Stored items from a collection
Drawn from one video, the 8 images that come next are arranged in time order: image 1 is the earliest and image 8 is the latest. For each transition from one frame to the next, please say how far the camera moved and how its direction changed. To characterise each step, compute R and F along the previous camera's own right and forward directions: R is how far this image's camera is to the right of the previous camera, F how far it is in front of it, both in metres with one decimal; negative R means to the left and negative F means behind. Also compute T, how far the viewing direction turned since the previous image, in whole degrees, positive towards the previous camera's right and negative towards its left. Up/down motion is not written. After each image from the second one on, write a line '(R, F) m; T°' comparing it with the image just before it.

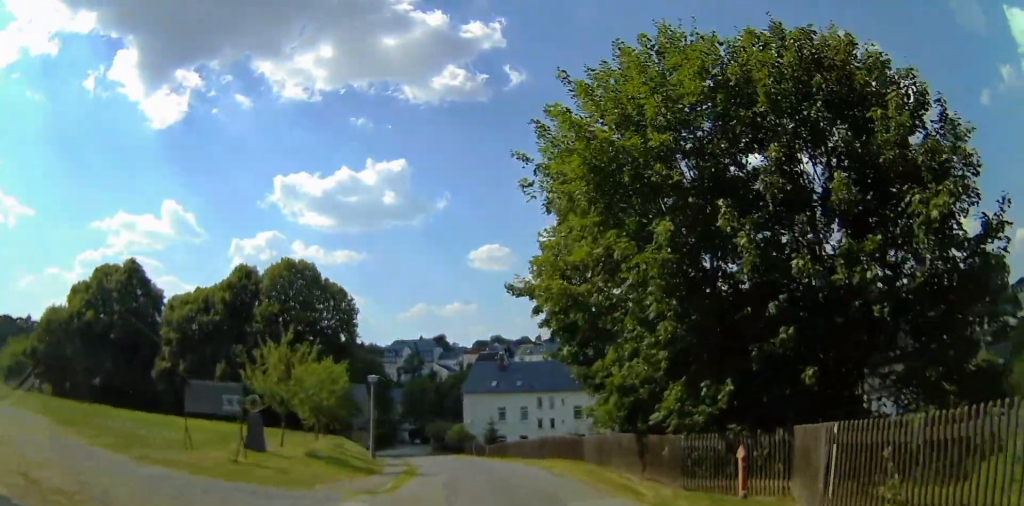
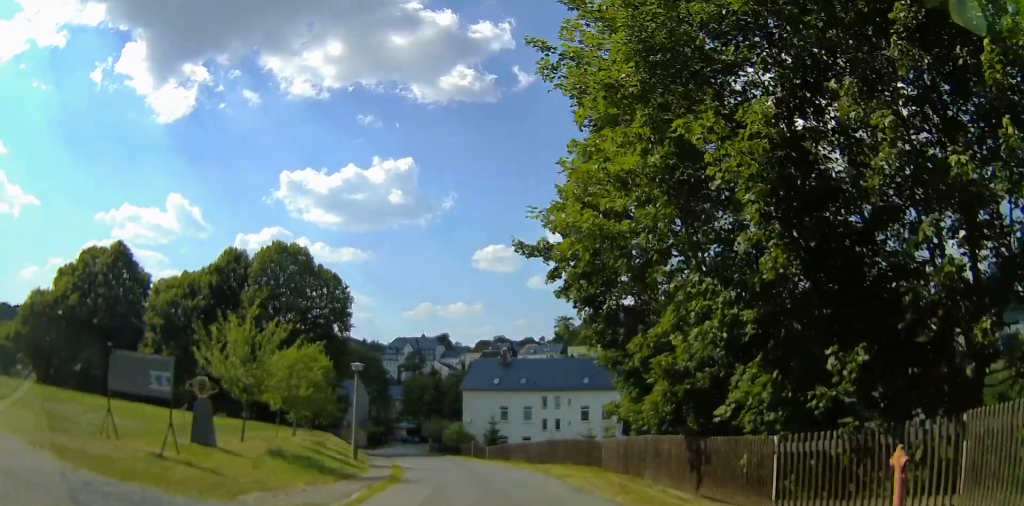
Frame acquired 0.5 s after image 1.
(-0.2, +4.3) m; -2°
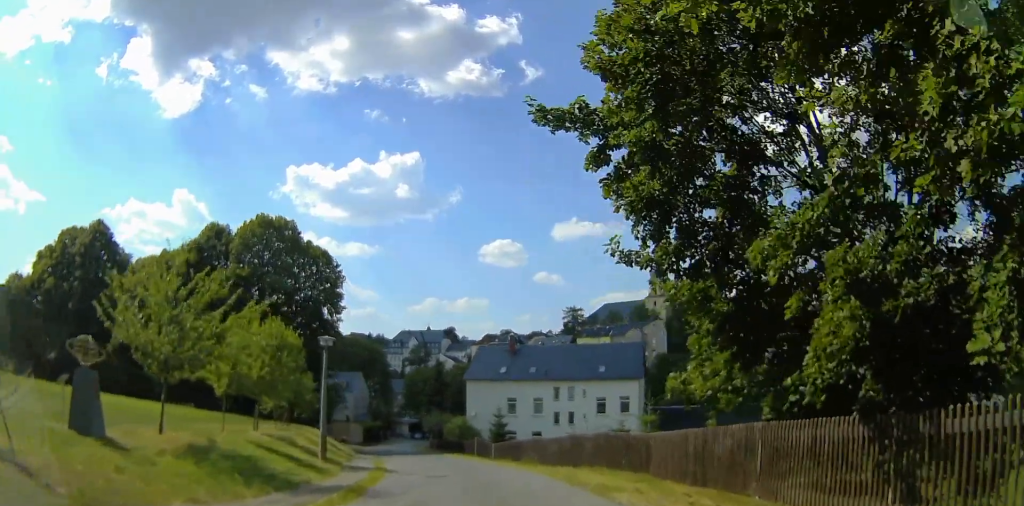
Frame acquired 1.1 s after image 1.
(-0.1, +6.4) m; -4°
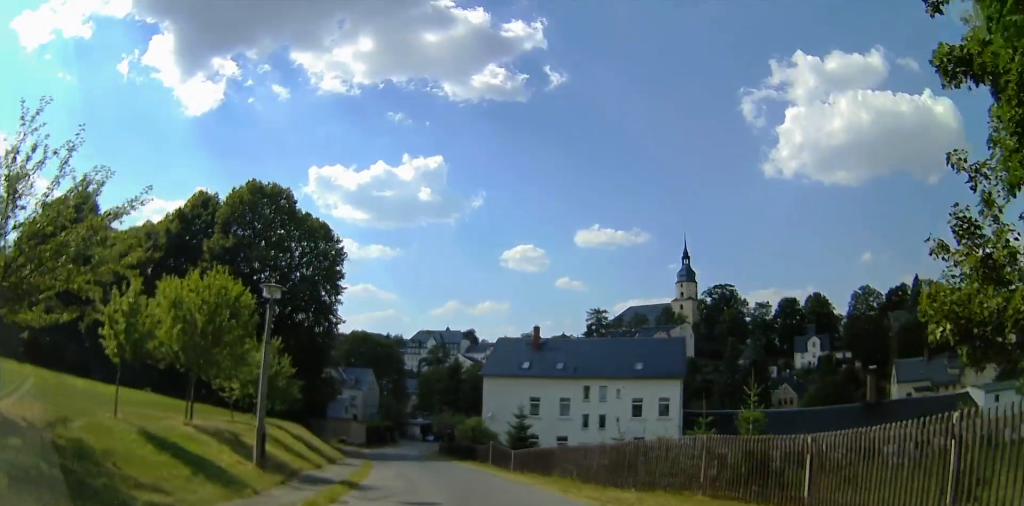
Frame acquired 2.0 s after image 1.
(-0.3, +7.8) m; -5°
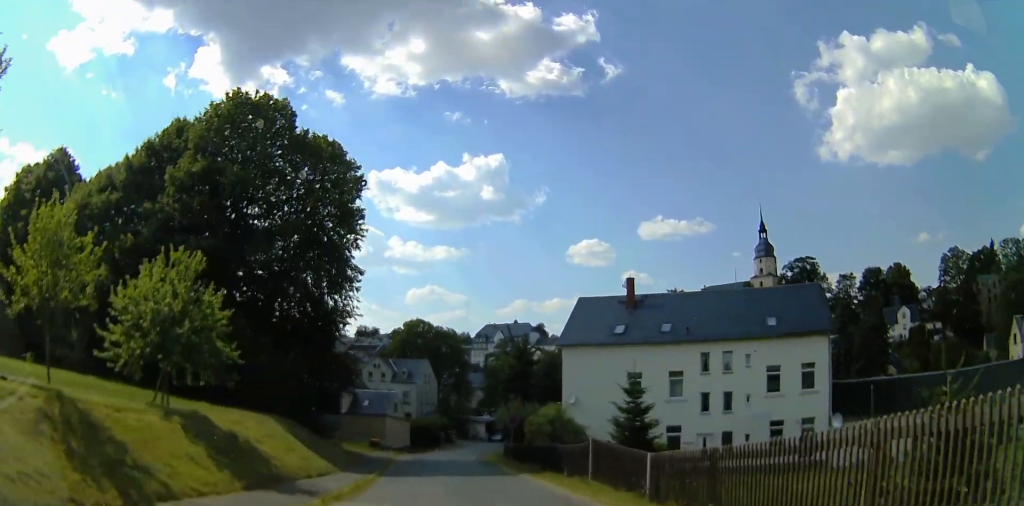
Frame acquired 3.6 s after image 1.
(-1.1, +16.2) m; -4°
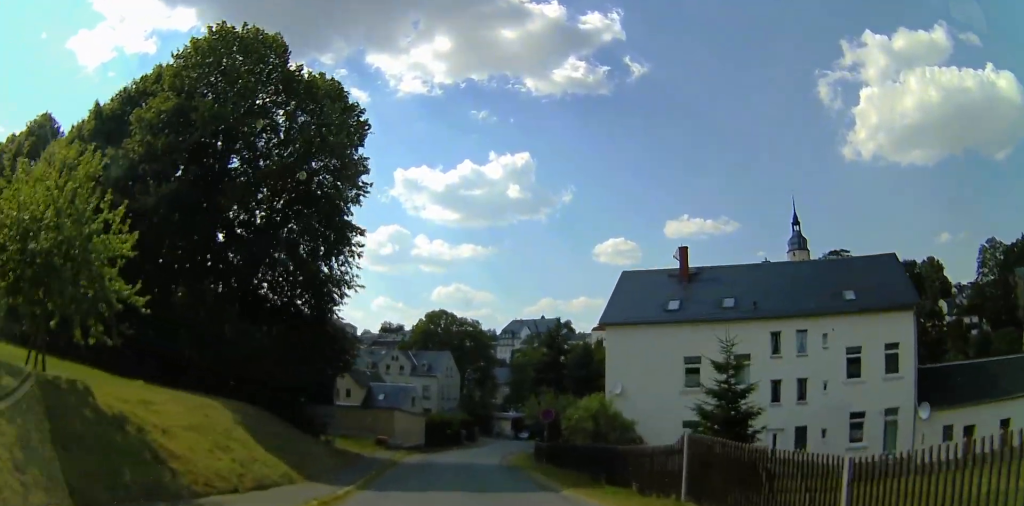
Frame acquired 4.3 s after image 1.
(0.0, +6.9) m; 0°
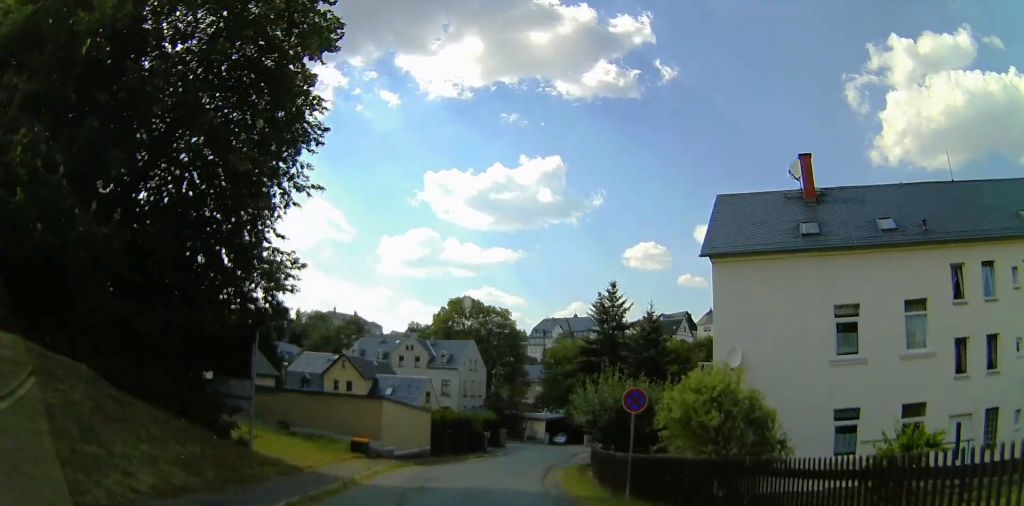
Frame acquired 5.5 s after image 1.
(0.0, +12.5) m; +2°
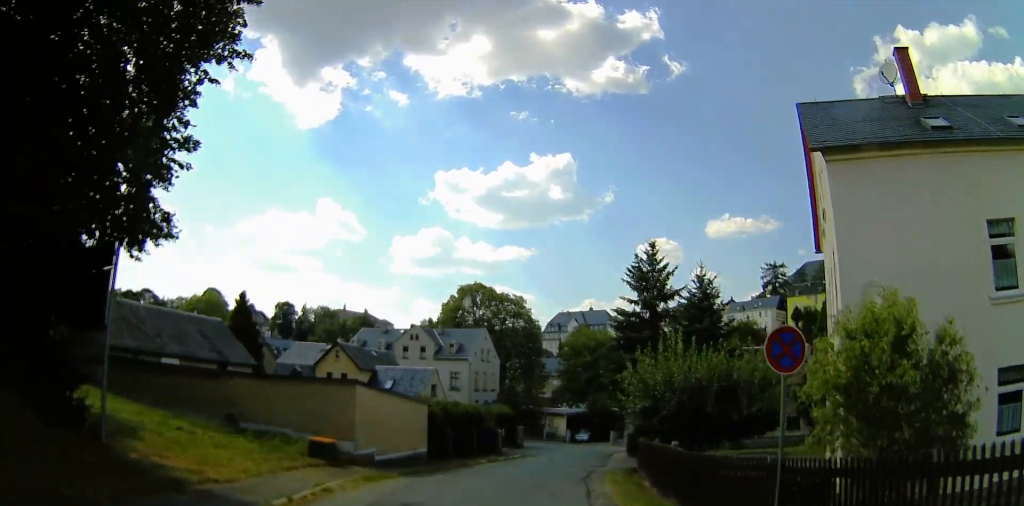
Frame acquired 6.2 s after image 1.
(+0.2, +6.9) m; +7°

_EXERCISE DETAILS:_
Set down every record exactly, without the pictures.

_RESULT:_
Drawn from one video, the 8 images that come next are arranged in time order: image 1 is the earliest and image 8 is the latest. For each transition from one frame to the next, please say how far the camera moved and how its direction changed. To characterise each step, compute R and F along the previous camera's own right and forward directions: R is how far this image's camera is to the right of the previous camera, F how far it is in front of it, both in metres with one decimal; negative R means to the left and negative F means behind. Also compute T, how far the viewing direction turned since the previous image, in whole degrees, positive towards the previous camera's right and negative towards its left. Up/down motion is not written. After each image from the second one on, write a line '(R, F) m; T°' comparing it with the image just before it.

Frame acquired 0.5 s after image 1.
(-0.2, +4.3) m; -2°
Frame acquired 1.1 s after image 1.
(-0.1, +6.4) m; -4°
Frame acquired 2.0 s after image 1.
(-0.3, +7.8) m; -5°
Frame acquired 3.6 s after image 1.
(-1.1, +16.2) m; -4°
Frame acquired 4.3 s after image 1.
(0.0, +6.9) m; 0°
Frame acquired 5.5 s after image 1.
(0.0, +12.5) m; +2°
Frame acquired 6.2 s after image 1.
(+0.2, +6.9) m; +7°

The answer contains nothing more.